Desde Dentro Ricardo Peytaví
El fin del paraíso imaginario
El Día, , 06-09-2007LAS IMÁGENES de un rumano quemándose a lo bonzo frente a la Subdelegación del Gobierno de Castellón deberían invitar a pensar, con seriedad y sin posturas preconcebidas, sobre lo que está ocurriendo en España. Fundamentalmente porque Rumanía es, a día de hoy, un país tan comunitario como Francia o Alemania; sólo por citar a las tradicionales locomotoras que tiran de la UE. Por lo tanto, un rumano no debería tener impedimentos para trabajar en España, salvados esos dos años de moratoria laboral impuesta en los acuerdos de adhesión. Normativa que no se está cumpliendo a rajatabla, ni muchísimo menos, entre otras cosas porque resulta absurda. Además, ¿por qué un rumano y un griego sí, y un ecuatoriano o un colombiano no? Al menos con los sudamericanos nos entendemos en una única lengua común. Y en el caso de los canarios, hasta hablamos con su mismo acento. Es difícil que los isleños, los andaluces o los eternamente altivos catalanes o vascos adopten no ya las costumbres que nos traen los inmigrantes procedentes de África, sino las que importan ciudadanos de los antes denominados países del Este. Ningún vernáculo va a vestirse con chilaba en nuestras calles, aunque sea el atuendo más cómodo cuando hace calor. Lo que nos cambia es lo que se nos cuela como afín y admitimos como propio sin ningún reparo. Aunque ese es otro asunto demasiado interesante para despacharlo en dos líneas. Otro día.
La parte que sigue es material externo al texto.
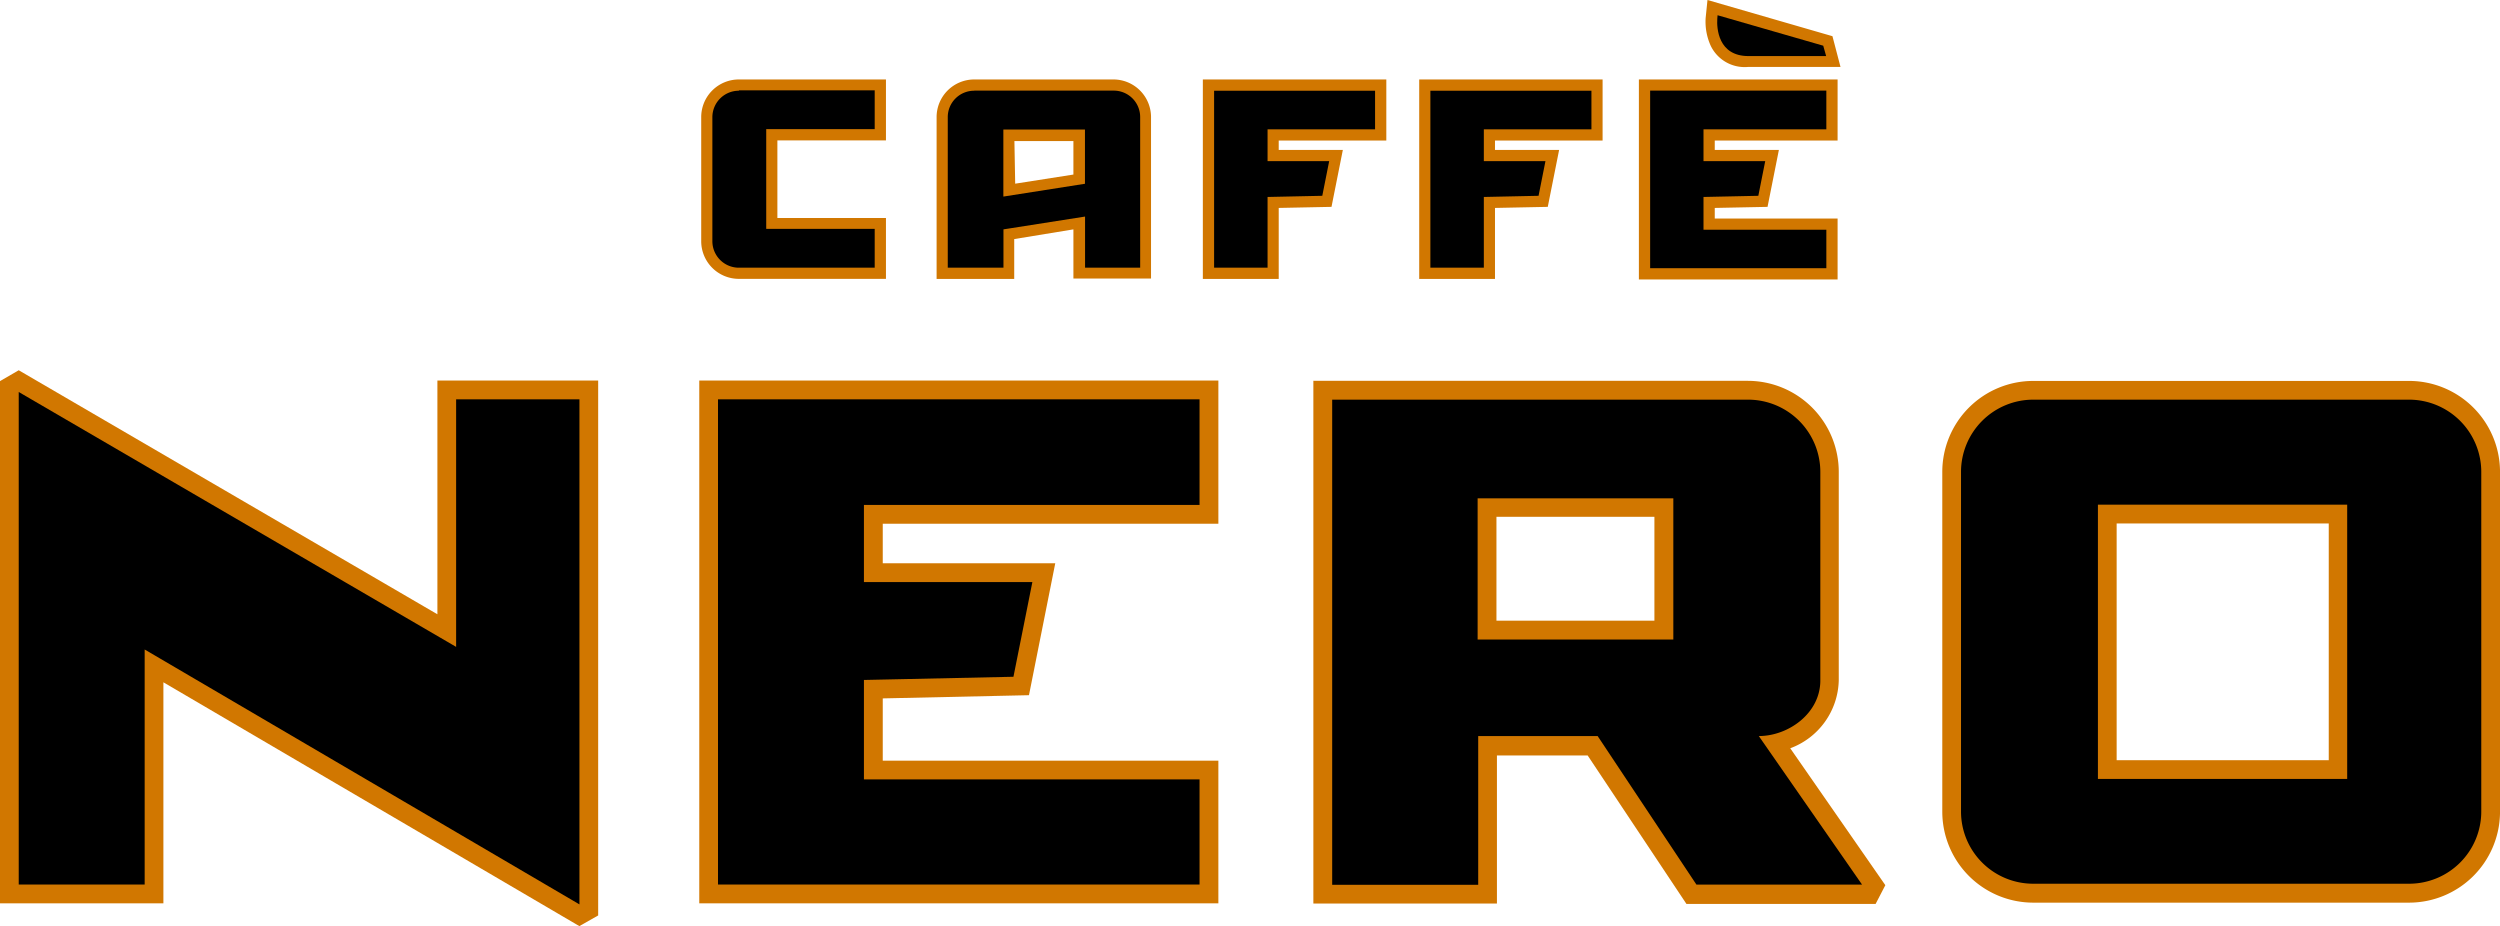 <?xml version="1.0" encoding="UTF-8" standalone="no"?>
<svg
   xmlns:dc="http://purl.org/dc/elements/1.1/"
   xmlns:cc="http://creativecommons.org/ns#"
   xmlns:rdf="http://www.w3.org/1999/02/22-rdf-syntax-ns#"
   xmlns:svg="http://www.w3.org/2000/svg"
   xmlns="http://www.w3.org/2000/svg"
   id="Layer_1"
   data-name="Layer 1"
   viewBox="0 0 257.66 95.46"
   version="1.1">
  <defs
     id="defs4">
    <style
       id="style2">.cls-1{fill:#d17700}.cls-2{fill:#fffde4}</style>
  </defs>
  <title
     id="title6">Caffè Nero</title>
  <path
     class="cls-1"
     d="M79.24 9.33a3.88 3.88 0 0 0-3.88 3.89V26a3.88 3.88 0 0 0 3.88 3.88H94.4v-6.27H83.21v-8H94.4V9.33H79.24zm24.26 0a3.88 3.88 0 0 0-3.88 3.88v16.68h8v-4.11l6.1-1v5.07h8V13.21a3.88 3.88 0 0 0-3.89-3.88H103.5zm4.14 6.35h6.08v3.45l-6 .94z"
     transform="translate(-3.09 -1.14)"
     id="path8" />
  <path
     class="cls-1"
     d="M123.97 8.19v20.56h7.82v-7.32l5.44-.11 1.17-5.87h-6.61v-.97h11.09V8.19h-18.91zm22.3 0v20.56h7.81v-7.32l5.44-.11 1.17-5.87h-6.61v-.97h11.09V8.19h-18.9zm22.64 0V28.8h20.48v-6.28h-12.66v-1.09l5.44-.11 1.17-5.87h-6.61v-.97h12.66V8.19h-20.48z"
     id="path10" />
  <path
     class="cls-1"
     d="M179.07 1.14L178.88 3a6 6 0 0 0 .53 2.87 3.88 3.88 0 0 0 3.83 2.17h9.54l-.83-3.17zM138.45 40.4v53.86h18.92V79h9.35l10.18 15.3h19.5l1-1.93-9.8-14.11a7.65 7.65 0 0 0 5-7V49.78a9.39 9.39 0 0 0-9.38-9.39h-44.8zm18.87 14h16.28v10.71h-16.28V54.44z"
     transform="translate(-3.09 -1.14)"
     id="path12" />
  <path
     class="cls-1"
     d="M0 39.28V93.1h16.84V70.32l42.87 25.13 1.94-1.1V39.22H45.08v24.09L1.93 38.16 0 39.28zm72.07-.06V93.1h53.5V78.4H90.98v-6.42l15.07-.33 2.71-13.6H90.98v-4.07h34.59V39.22h-53.5z"
     id="path14" />
  <path
     class="cls-1"
     d="M212.65 40.4a9.38 9.38 0 0 0-9.38 9.39v35a9.38 9.38 0 0 0 9.38 9.38h38.72a9.38 9.38 0 0 0 9.38-9.17V49.58a9.38 9.38 0 0 0-9.38-9.18h-38.72zm8.59 14.69h21.86v24.4h-21.86v-24.4z"
     transform="translate(-3.09 -1.14)"
     id="path16" />
  <path
     class="cls-2"
     d="M140.39 42.33v50h15.05V77h12.31l10.18 15.31H195L184.36 77c3.06 0 6.34-2.35 6.34-5.72v-21.5a7.45 7.45 0 0 0-7.45-7.45h-42.86zm15 10.17h20.16v14.55h-20.17V52.5z"
     transform="translate(-3.09 -1.14)"
     id="path18"
     style="fill:#000000;fill-opacity:1" />
  <path
     class="cls-2"
     d="M1.93 91.16h12.98V66.94l44.81 26.27V41.16H47.01v25.51L1.93 40.4v50.76zm72.07-50v50h49.63V80.33H89.04V70.08l15.41-.33 1.95-9.76H89.04v-7.95h34.59V41.16H74z"
     id="path20"
     style="fill:#000000;fill-opacity:1" />
  <path
     class="cls-2"
     d="M212.65 42.33a7.45 7.45 0 0 0-7.45 7.45v35a7.44 7.44 0 0 0 7.45 7.44h38.72a7.44 7.44 0 0 0 7.45-7.44v-35a7.45 7.45 0 0 0-7.45-7.45h-38.72zm6.66 10.82H245v28.27h-25.69V53.15zM79.24 10.49a2.73 2.73 0 0 0-2.73 2.73V26a2.73 2.73 0 0 0 2.73 2.73h14v-4H82.06V14.45h11.18v-4h-14zm24.26 0a2.72 2.72 0 0 0-2.73 2.73v15.51h5.74v-3.95l8.41-1.32v5.27h5.68V13.21a2.72 2.72 0 0 0-2.73-2.73H103.5zm3 4h8.41v5.59l-8.41 1.32v-6.9z"
     transform="translate(-3.09 -1.14)"
     id="path22"
     style="fill:#000000;fill-opacity:1" />
  <path
     class="cls-2"
     d="M125.13 9.35v18.24h5.51V20.3l5.64-.12.71-3.57h-6.35v-3.28h11.08V9.35h-16.59zm22.29 0v18.24h5.51V20.3l5.64-.12.71-3.57h-6.35v-3.28h11.09V9.35h-16.6z"
     id="path24"
     style="fill:#000000;fill-opacity:1" />
  <path
     class="cls-2"
     d="M180.08 3.08c-.06.93.06 3.84 3.22 3.84h8l-.3-1.07-10.89-3.14z"
     transform="translate(-3.09 -1.14)"
     id="path26"
     style="fill:#000000;fill-opacity:1" />
  <path
     class="cls-2"
     d="M170.07 9.34v18.3h18.16v-3.96h-12.66V20.3l5.65-.12.71-3.57h-6.36v-3.28h12.66V9.34h-18.16z"
     id="path28"
     style="fill:#000000;fill-opacity:1" />
</svg>

La reflexión de la que hablo a raíz de un acto desesperado tiene que ver con nuestro supuesto paraíso. Una idea apostillada por la circunstancia de que llevamos dos décadas subiendo y subiendo. En el caso de Canarias, más camas porque a José Manuel Soria –y a otros muchos– nunca le ha gustado la moratoria; más viviendas –un Archipiélago con dos millones de habitantes tiene ya un millón de viviendas– porque si dejamos de construir se acaban las colas en las autopistas: una multitud de albañiles dejaría de ir cada mañana del Norte al Sur para darle a la hormigonera; más tiendas y centros comerciales, porque también hay más gente, en gran medida foránea, a la que venderles cosas; o al menos intentarlo. En definitiva, una economía basada por una parte en el sector inmobiliario y cuanto gira a su alrededor –las propias empresas constructoras, los bancos que venden hipotecas, los intermediarios, unos señores y señoras con sueldos holgados que compran sobre plano para dar un pequeño pelotazo personal pocos años después– y por otra en el consumo interno. Pilares firmes durante muchos años, a la vista está, aunque débiles ante dos contundentes arietes: la subida de tipos de interés y el menor margen de las familias para ir tan confiadamente de compras a la gran superficie.
Lo más grave no es que el pasado agosto –un mes siempre favorable para el empleo– haya dejado 658 parados más en Canarias. La auténtica luz roja se ha encendido cuando el propio Pedro Solbes habla de un inminente período incierto. Si un ministro de Economía, llamado a esparcir siempre la calma, augura malos tiempos, malo. A lo peor, como ha descubierto un rumano antes de prenderse fuego, hemos dejado de estar en ese paraíso ilusorio que hemos construido sobre arena.